Der seit dem Frühjahr amtierende Volkswagen-Konzernchef Bernd Pischetsrieder beginnt mit der Berufung Pötsch mit dem langsamen Umbau des Unternehmensvorstandes. Als Vorbild gilt beim Vorgehen beim Wechsel des Finanzchefs gilt der Wachwechsel an der Spitze des Volkswagen-Konzerns. Pischetsrieder selbst war ebenfalls mehr als ein Jahr vor seiner Berufung auf den Chefposten zu VW nach Wolfsburg gekommen, um sich an der Seite des damaligen VW-Vorstandsvorsitzenden Ferdinand Piëch einzuarbeiten.

Über den Nachfolger von Finanzchef Adelt hat sich Volkswagen bis zum Schluss bedeckt gehalten. Im Unternehmen hatte es immer geheißen, dass der künftige VW-Finanzvorstand wahrscheinlich nicht aus der Autoindustrie kommen wird, aber auf jeden Fall ausgewiesene Kenntnisse aus dem Finanzbereich besitzt. Der neue Finanzvorstand soll dafür sorgen, dass sich der Ruf des niedersächsischen Unternehmens an den internationalen Finanzmärkten verbessert. Der 63-jährige Adelt arbeitet mehrere Jahrzehnte für VW.

Über lange Jahre besaß das Unternehmen wegen seiner Verschlossenheit eine schlechte Reputation in Börsen- und Finanzkreisen. Doch Adelt leitete bereits eine deutliche Veränderung ein. "Es hat sich sehr, sehr viel zum Positiven gewendet", sagte Arndt Ellinghorst, Automobilanalyst der WestLB in Düsseldorf. Defizite besitzt Volkswagen auch heute noch im angelsächsischen Raum, vor allem dort soll der Adelt-Nachfolger für ein besseres Ansehen sorgen.

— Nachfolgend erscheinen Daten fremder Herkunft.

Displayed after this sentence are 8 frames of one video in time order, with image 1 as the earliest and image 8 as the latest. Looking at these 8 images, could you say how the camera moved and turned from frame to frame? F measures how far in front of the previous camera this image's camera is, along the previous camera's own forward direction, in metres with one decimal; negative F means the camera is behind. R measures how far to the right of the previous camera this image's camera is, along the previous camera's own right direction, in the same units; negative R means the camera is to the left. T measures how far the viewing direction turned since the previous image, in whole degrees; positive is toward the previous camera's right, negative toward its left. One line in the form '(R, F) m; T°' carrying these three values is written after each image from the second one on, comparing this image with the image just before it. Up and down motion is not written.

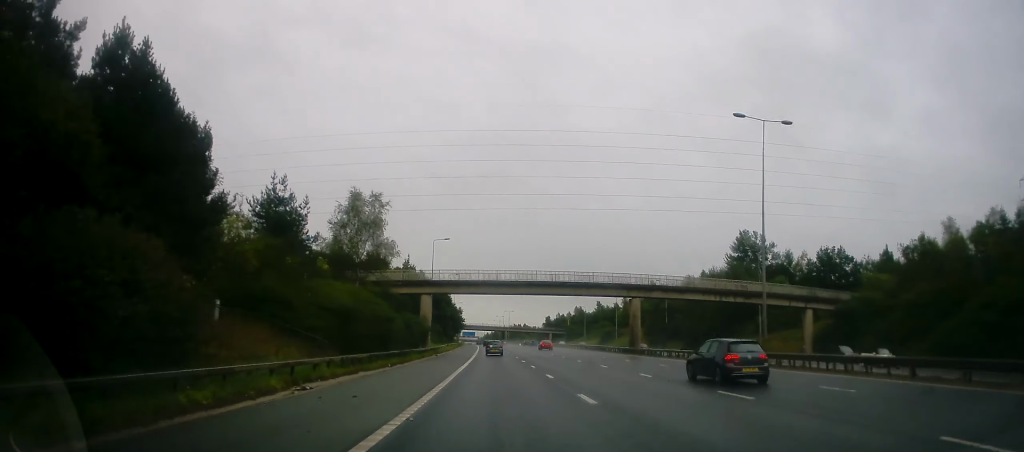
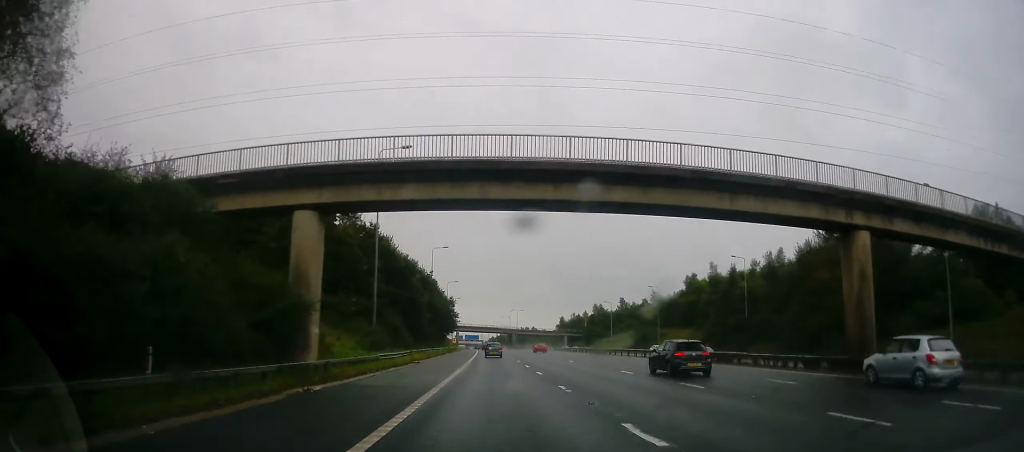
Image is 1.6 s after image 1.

Adelt - sein Vertrag läuft noch bis Ende kommenden Jahres - ist das erste der älteren Vorstandsmitglieder, die beim Wolfsburger Konzern ausscheiden werden. Außer Adelt haben auch Robert Büchelhofer (Vertrieb) und Peter Hartz (Personal) die Altersgrenze von 60 Jahren überschritten. In Unternehmenskreisen hieß es dazu, dass Konzernchef Pischetsrieder nicht auf einen schnellen Umbau des Vorstandes setzen werde. Wie im Finanzbereich soll es einen kontinuierlichen Übergang geben.

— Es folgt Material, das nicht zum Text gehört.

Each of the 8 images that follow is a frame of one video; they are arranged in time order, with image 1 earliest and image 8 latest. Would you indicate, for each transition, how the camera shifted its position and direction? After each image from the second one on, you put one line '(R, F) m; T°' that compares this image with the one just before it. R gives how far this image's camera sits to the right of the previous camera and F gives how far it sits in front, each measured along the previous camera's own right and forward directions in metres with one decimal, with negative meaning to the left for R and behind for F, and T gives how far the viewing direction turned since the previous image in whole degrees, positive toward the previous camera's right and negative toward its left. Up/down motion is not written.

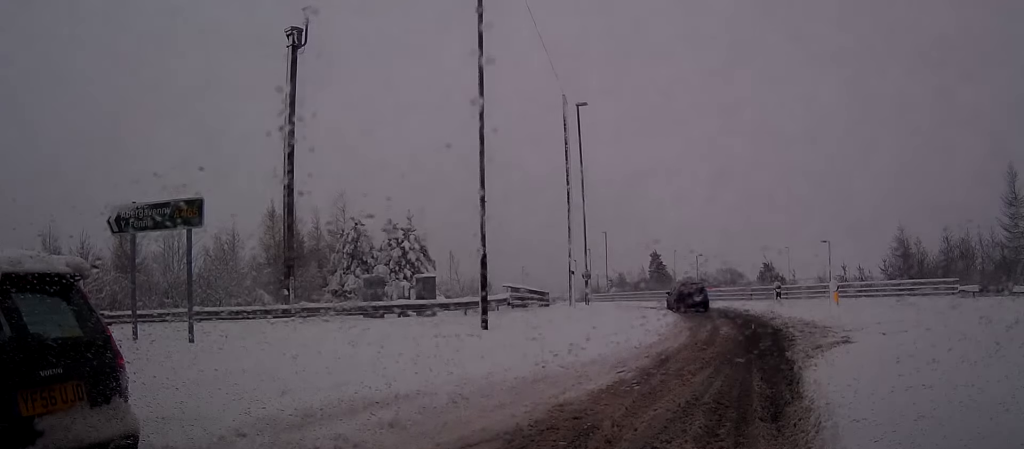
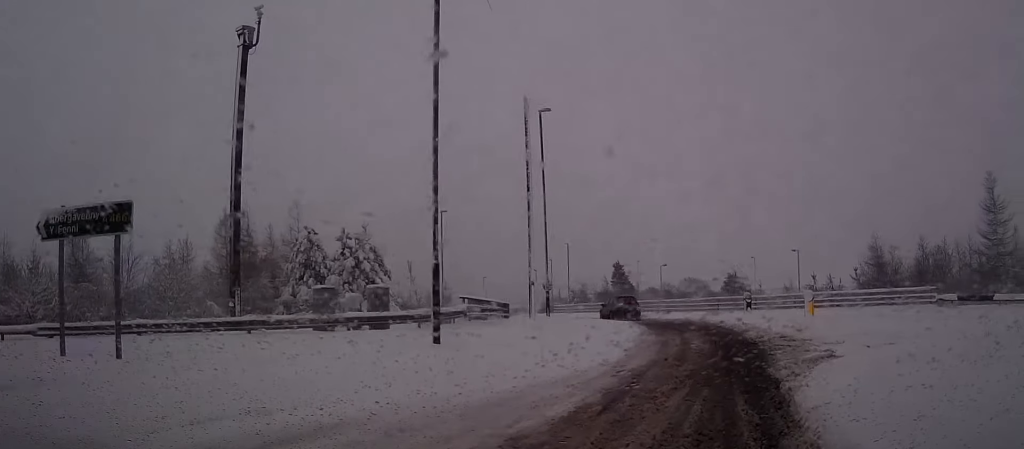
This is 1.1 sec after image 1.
(0.0, +1.6) m; +4°
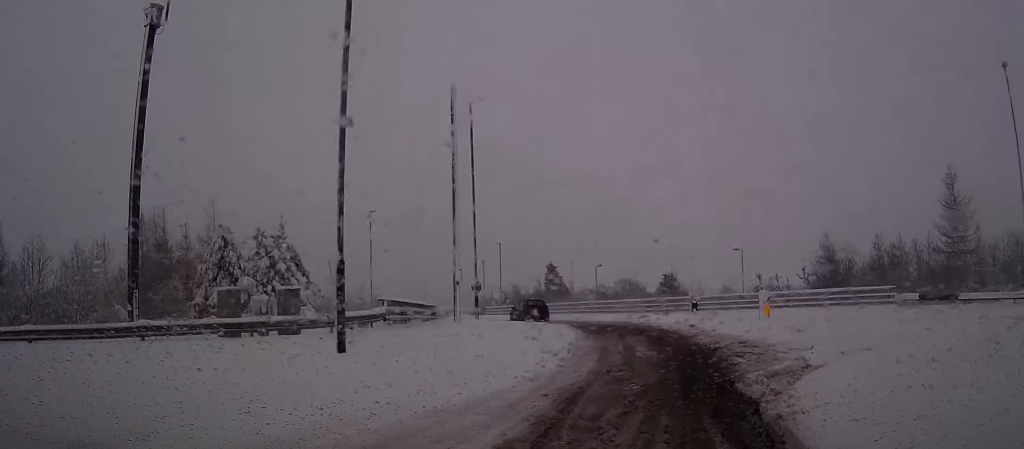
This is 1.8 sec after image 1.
(0.0, +2.3) m; +7°
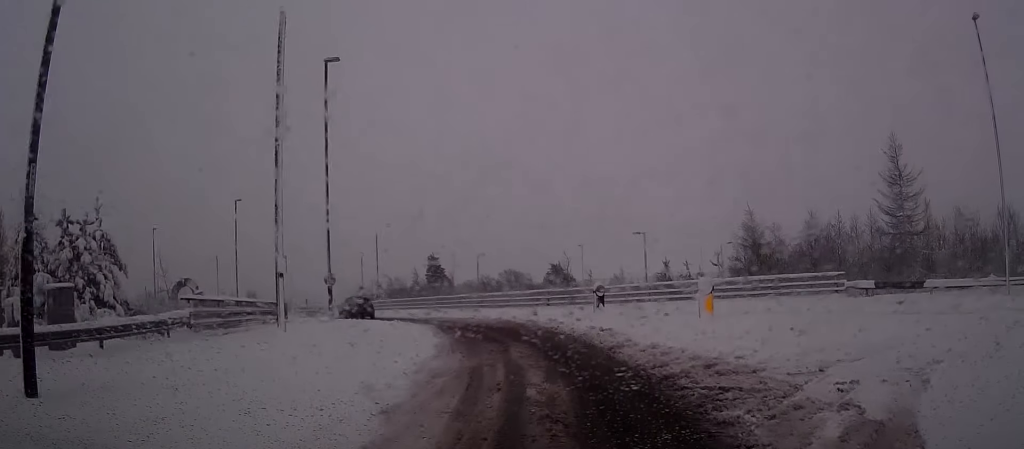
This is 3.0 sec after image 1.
(+0.7, +6.4) m; +7°
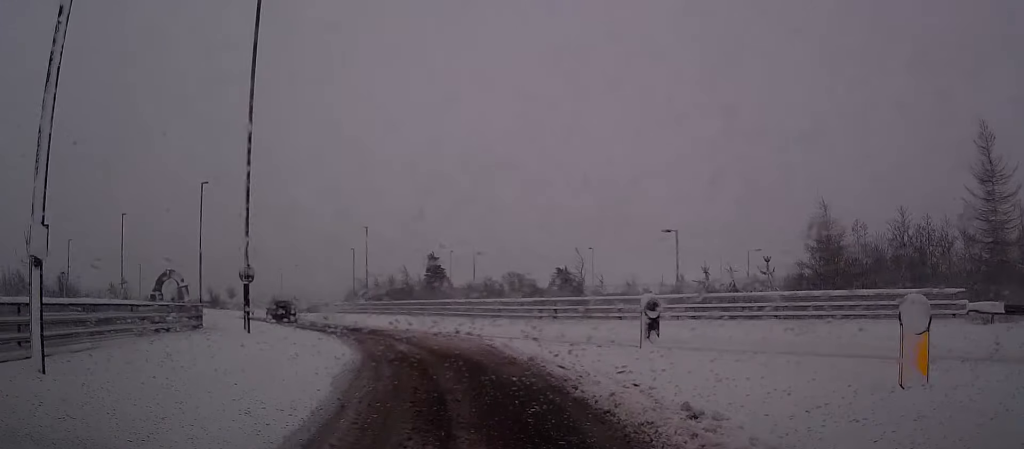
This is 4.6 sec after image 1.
(-0.2, +9.9) m; -4°
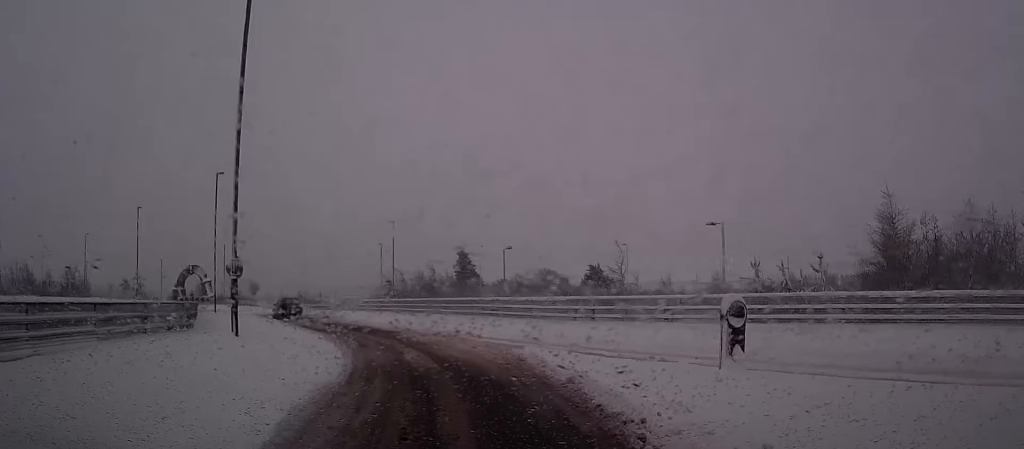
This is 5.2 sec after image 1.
(0.0, +3.4) m; -3°
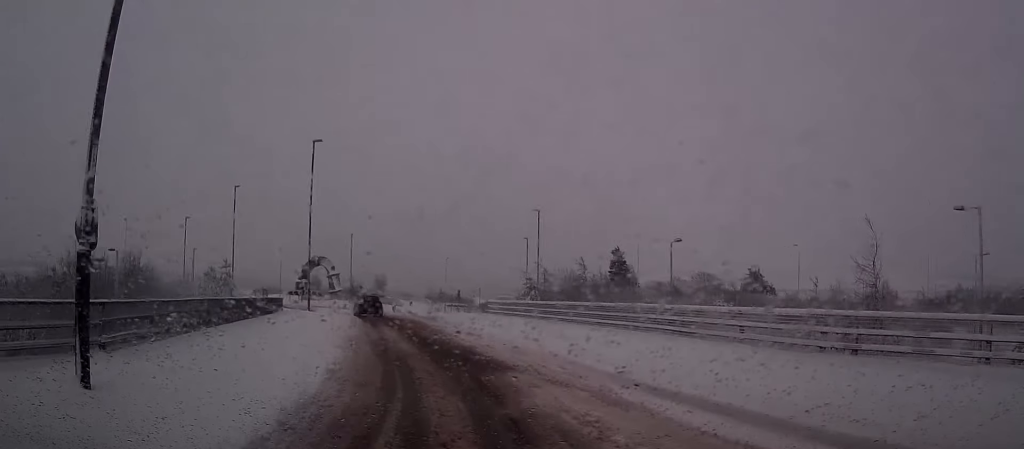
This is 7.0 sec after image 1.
(-1.3, +12.6) m; -13°
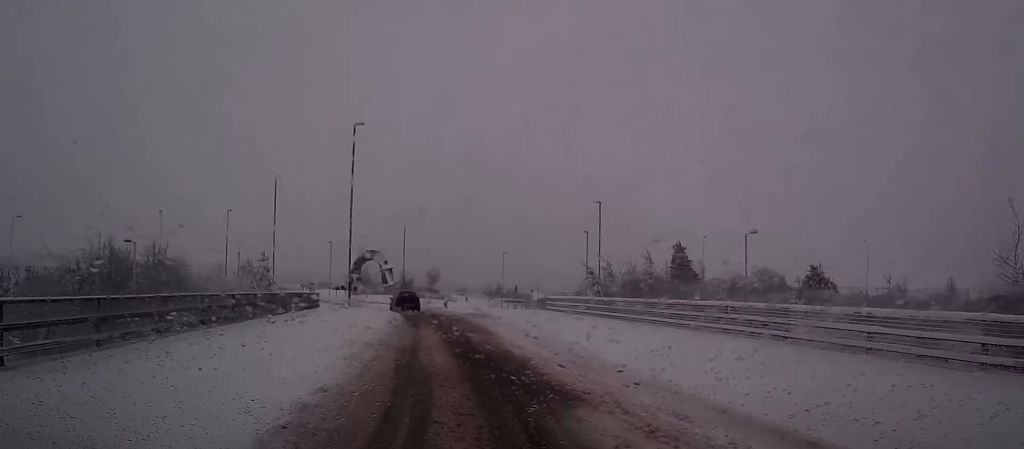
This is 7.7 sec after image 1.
(-0.3, +4.7) m; -4°

Pischetsrieder-Vorgänger Ferdinand Piëch hatte nach seinem Amtsantritt vor zehn Jahren eine gegensätzliche Politik verfolgt. Innerhalb kurzer Zeit wurde damals der Großteil der Vorstandsmitglieder ausgetauscht. Piëch verfolgte das Ziel, Schlüsselpositionen schnell mit Verbündeten zu besetzen.